Thursday, September 30, 2004

Too clearly, obviously

After my little rant about the campaigns, I was driving to lunch and thought, you know this is all because I watch too much of The Daily Show. I' m just too cynical about all this. But then, lo and behold, I switch on NPR (since Bay Area radio music SUCKS, NPR is about the only bearable thing on the air, even during the lunch hour) and Jon Stewart was being interviewed on Fresh Air. (I actually don't like Terry Gross too much so I'm glad someone was filling in for her and asking Stewart some interesting questions.)

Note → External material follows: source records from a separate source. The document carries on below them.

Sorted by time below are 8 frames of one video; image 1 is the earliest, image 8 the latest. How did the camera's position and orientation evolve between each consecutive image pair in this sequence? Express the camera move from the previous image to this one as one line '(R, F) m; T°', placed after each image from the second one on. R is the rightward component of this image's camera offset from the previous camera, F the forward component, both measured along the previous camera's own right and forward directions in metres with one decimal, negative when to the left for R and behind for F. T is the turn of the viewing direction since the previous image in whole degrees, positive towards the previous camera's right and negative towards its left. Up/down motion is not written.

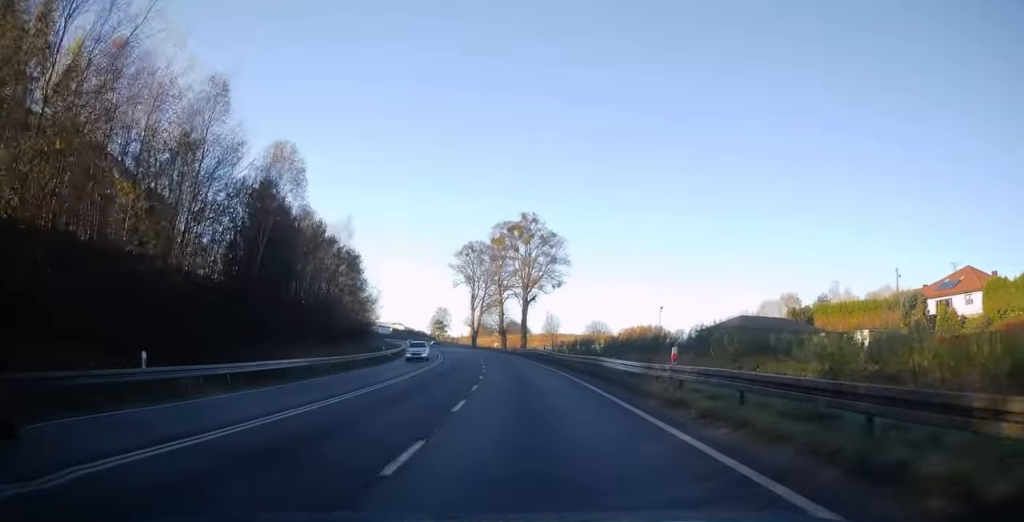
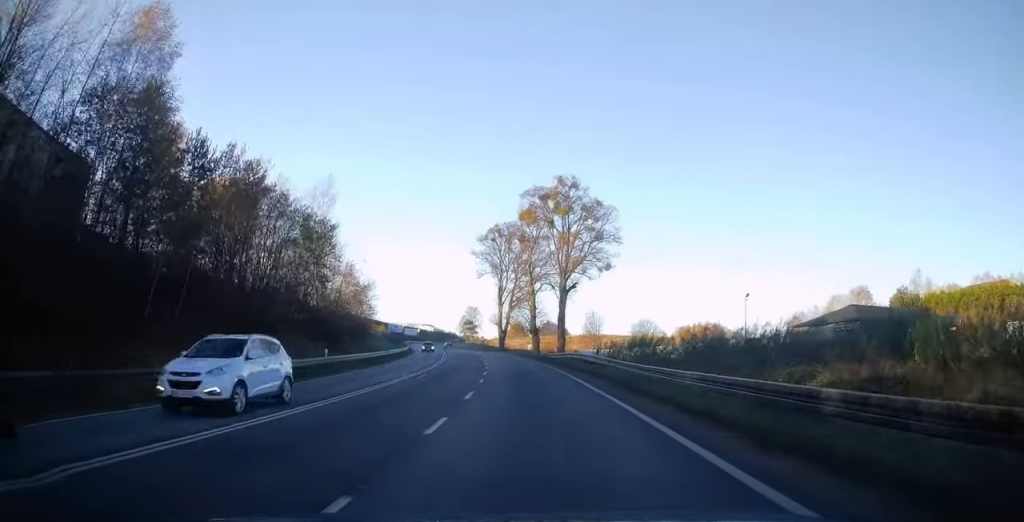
(-0.5, +21.5) m; -3°
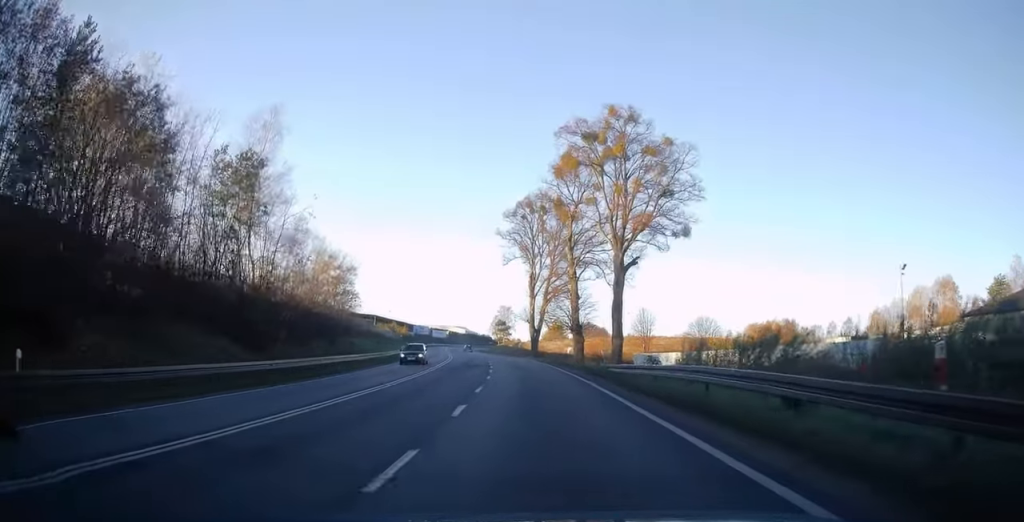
(-0.8, +22.3) m; -4°
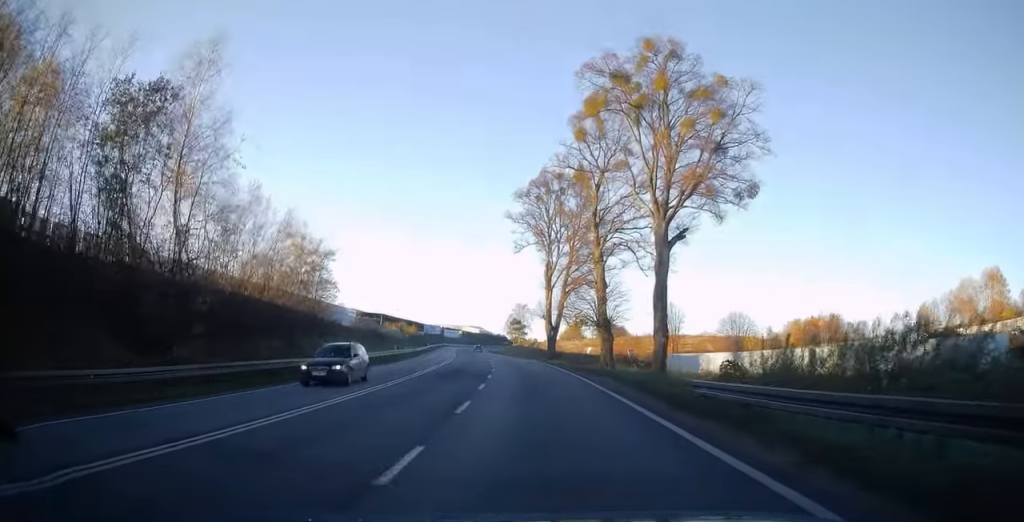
(-0.2, +11.8) m; -2°
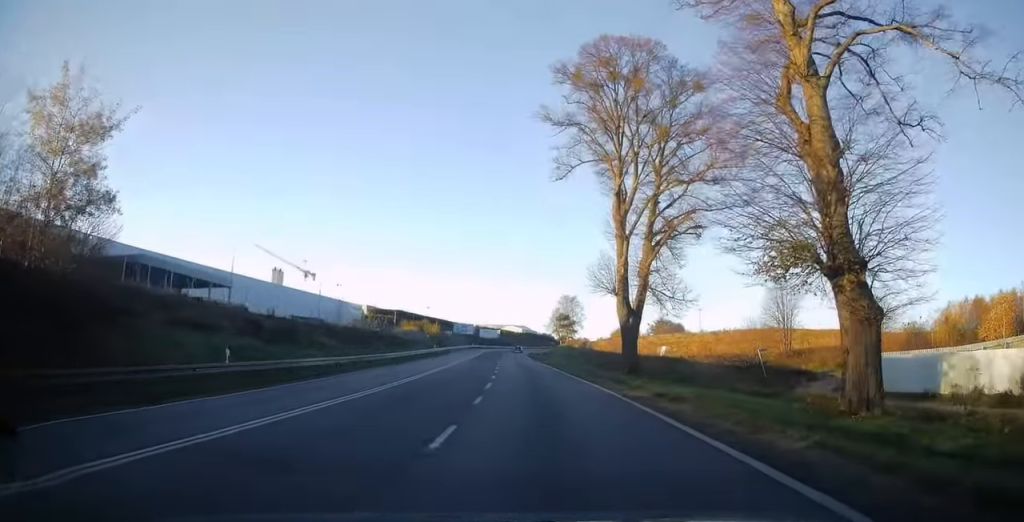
(-1.2, +34.7) m; -4°
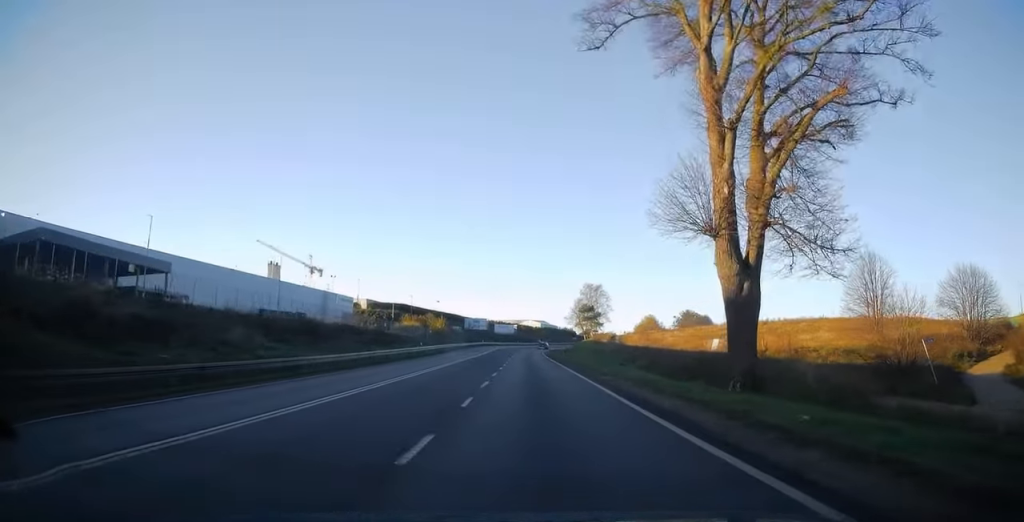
(-0.3, +19.2) m; -2°
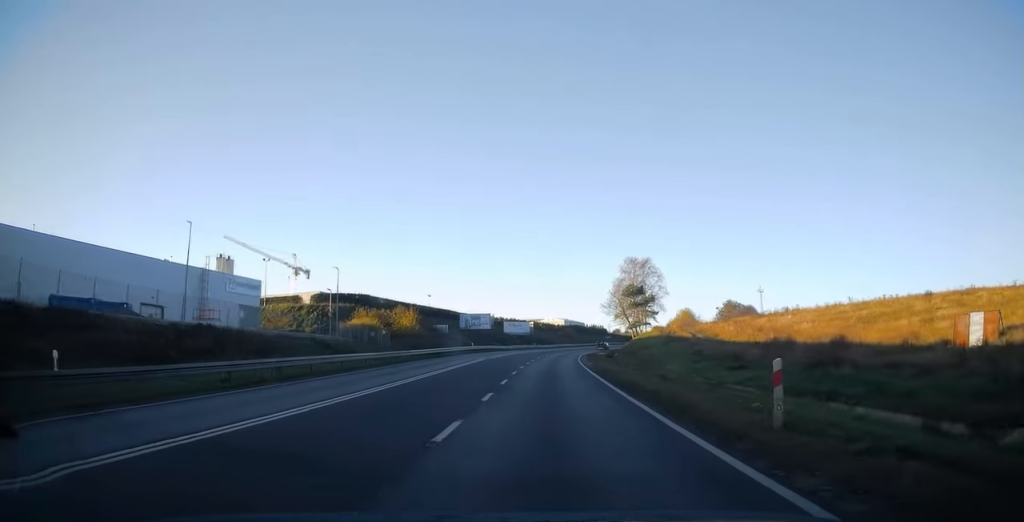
(-1.6, +47.2) m; -2°
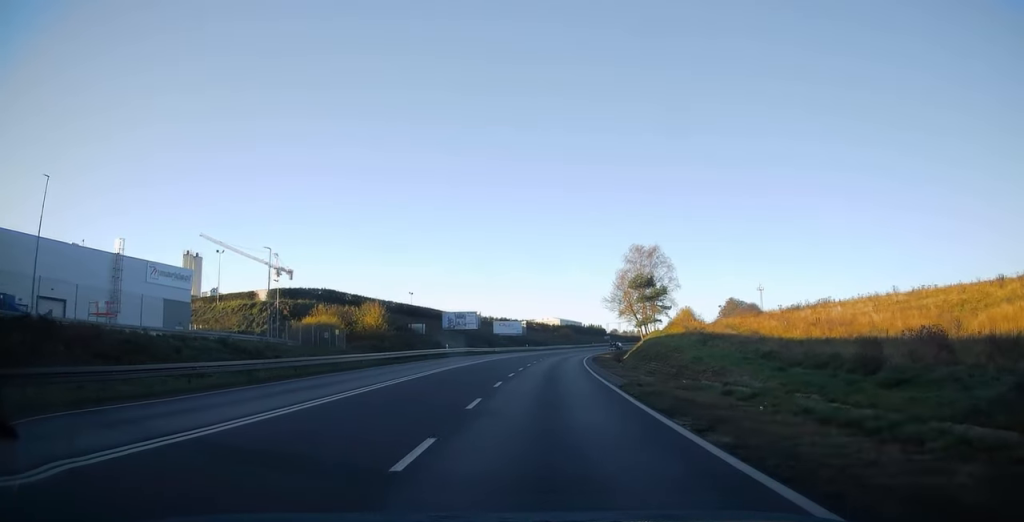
(+0.1, +14.3) m; +1°

In any case, here's a link to the archived interview. The entire interview is about 30 minutes, but if you don't have time for the entire thing, I think the first 15 minutes are quite worthwhile. Stewart gets into some insightful comments about the media and the role anchorpeople should play when it comes to political representatives and their "talking points". Stewart loves to play the smart-ass and he definitely does that when it asked about politicians, the press, and his show.

So anyways, Stewart's comments about all of this relate directly back to my previous post. Basically, he talks about how politicians take advantage of the loopholes and the weaknesses of the media. That's what they're supposed to be doing, afterall they run campaigns of persuasion. Stewart has problems with media-folk who don't take the opportunity to call these politicians (and their handlers) on their BS by asking questions about fact. Stwerat acknowledges that not everything needs to be a fact, but if people called into be interviewed are purporting to state facts, shouldn't the interviewer verify the veracity of these claims?

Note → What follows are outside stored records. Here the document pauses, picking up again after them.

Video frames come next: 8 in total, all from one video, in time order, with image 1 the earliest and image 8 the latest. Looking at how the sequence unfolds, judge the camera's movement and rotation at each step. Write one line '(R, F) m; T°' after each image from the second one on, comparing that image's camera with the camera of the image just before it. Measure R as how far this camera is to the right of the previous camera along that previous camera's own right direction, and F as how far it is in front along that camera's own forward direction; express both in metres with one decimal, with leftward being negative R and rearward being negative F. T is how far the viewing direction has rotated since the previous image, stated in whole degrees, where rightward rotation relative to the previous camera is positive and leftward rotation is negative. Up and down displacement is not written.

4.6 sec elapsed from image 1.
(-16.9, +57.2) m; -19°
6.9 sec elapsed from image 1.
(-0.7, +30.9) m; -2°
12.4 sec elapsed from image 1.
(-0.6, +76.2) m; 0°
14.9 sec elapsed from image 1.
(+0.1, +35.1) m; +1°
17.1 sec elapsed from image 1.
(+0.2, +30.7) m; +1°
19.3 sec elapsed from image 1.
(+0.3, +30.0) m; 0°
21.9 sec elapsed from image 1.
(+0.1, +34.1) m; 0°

Moreover, Stewart makes a great point about the few media-folk who dare call into question the veracity of such statements. It's gotten to the point that when an anchorperson dares ask a 'devil's advocate' (or even-keeled) question to a guest, the guest gets mad and accuses the anchorperson of being an operative for the other side.

So this all comes back to the same thing. The whole circus is a charade where everyone wants to blur what's going on behind the hand-waving and curtain-pulling. Many in the public, I'm sure, can see right through it, but nobody paid to play the game cares to acknowledge that there's anything behind charade. Those who should be trying to pull back curtains and stop the hand-waving are in on the game as well.

Thus those of us who can imagine what's really going on back there can only laugh and become more cynical. Great stuff.